Figure 3. Relative and absolute quantification.

Figure 3

  • A
    Ratio of protein mass fractions computed with several protein inference algorithms (x‐axis labels) and mass fractions quantified with spiked‐in labeled peptides (AQUA) for a set of 29 proteins spanning more than 2 orders of magnitude (see Appendix Fig S3, Dataset EV7). The red boxes and symbols represent four proteomics‐based protein inference algorithms (TopPep1/3, iBAQ, and xTop). The blue box and symbols correspond to ribosome profiling‐derived mass fractions. The boxes and whiskers include 50 and 90% of the data, respectively, while the central line represents the median.
  • B–E
    Estimated concentration of protein complexes from various protein inference algorithms and ribosome profiling.

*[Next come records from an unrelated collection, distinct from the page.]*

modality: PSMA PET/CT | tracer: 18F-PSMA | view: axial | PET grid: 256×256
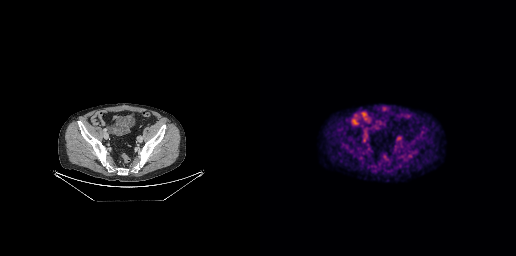
Coordinates are on the 256×256 PET (right) panel. (showing 1 of 2 foci) PSMA-avid tumor lesion bounding box (x0,y0,x1,y1): [103,137,106,141].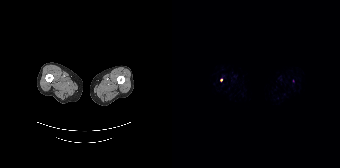
{"modality":"PSMA PET/CT","view":"axial","tracer":"18F","pet_grid":[168,168],"coord_frame":"pet_panel","coord_format":"x0,y0,x1,y1","lesion_bboxes":[],"small_foci_centers":[[49,79]]}
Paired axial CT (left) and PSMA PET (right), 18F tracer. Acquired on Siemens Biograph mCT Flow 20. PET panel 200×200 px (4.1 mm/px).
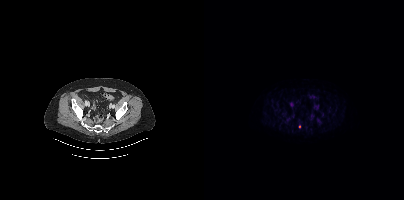
Coordinates are on the 200×200 PET (right) panel. Small PSMA-avid focus (2 to 4 px across) near (center x, center y): (95, 126).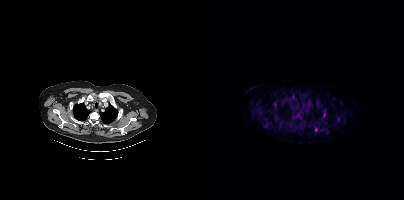
- Two-panel axial: CT | PSMA PET, 18F tracer
- slice 370 of 462
Findings: Coordinates are on the 200×200 PET (right) panel. Small PSMA-avid foci (2 to 4 px across) near (center x, center y): (112, 129) / (120, 115).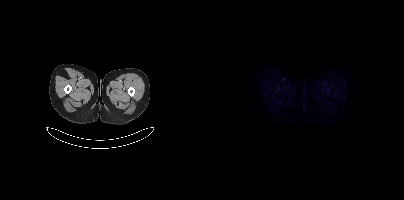
- Paired axial CT (left) and PSMA PET (right), 18F-PSMA tracer
- acquired on Siemens Biograph mCT Flow 20
- slice position z = -892 mm
- PET panel 200×200 px (4.1 mm/px)
Findings: This slice has no annotated PSMA-avid lesion.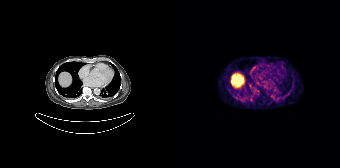
No tumor lesions annotated on this slice.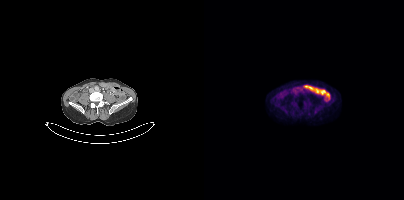
No tumor lesions annotated on this slice.
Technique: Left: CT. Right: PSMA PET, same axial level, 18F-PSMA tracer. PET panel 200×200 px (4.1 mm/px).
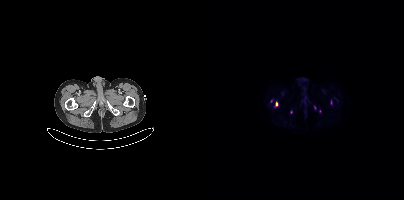
Findings: Coordinates are on the 200×200 PET (right) panel. (showing 3 of 6 foci) Small PSMA-avid foci (2 to 4 px across) near (center x, center y): (110, 107), (72, 104), (67, 100).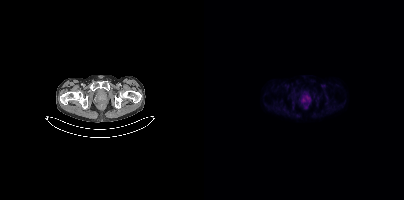
- Left: CT. Right: PSMA PET, same axial level, [18F]PSMA-1007 tracer
- acquired on Siemens Biograph mCT Flow 20
- slice 55 of 427
Findings: Coordinates are on the 200×200 PET (right) panel. PSMA-avid tumor lesion bounding boxes (x0, y0)-(x1, y1): (97, 98)-(101, 101) | (102, 95)-(106, 99).

Individual points are the estimated concentrations for individual proteins in the complex, divided by the number of copies in each complex. Individual concentrations were estimated from the observed protein number fractions assuming a total protein concentration of 3 × 106 proteins/μm3 (Appendix Note S1). The boxes and whiskers include 50 and 90% of the data, respectively, while the central line represents the median.
  • F
    The bar chart summarizes the multilinear analysis described in Appendix Note S3. The total height of the bar is the variance in the log‐ratio of proteomics‐based and ribosome profiling‐based mass fractions. Colored components represent the fraction of variance explained by each factor (red, protein size; blue, only one peptide precursor detected; light blue, only 2 peptide precursors detected). TopPep1/3 and xTop protein mass fractions display a bias toward large proteins; TopPep3 and iBAQ systematically underestimate the abundance of proteins with 1 or 2 detected peptides.
  • G–J
    Scatter plot of fold change between reference and carbon‐limited conditions (growth rates 0.91/h and 0.35/h, respectively) in mass spectrometry‐based (ϕiClim/ϕiref, y‐axis) and ribosome profiling‐based protein mass fractions (ρiClim/ρiref, x‐axis). The blue line represents equal changes in the two quantities; the dashed lines represent a 2‐fold discrepancy.
  • K
    Fraction of proteins showing a > 2‐fold discrepancy in panels (G–J).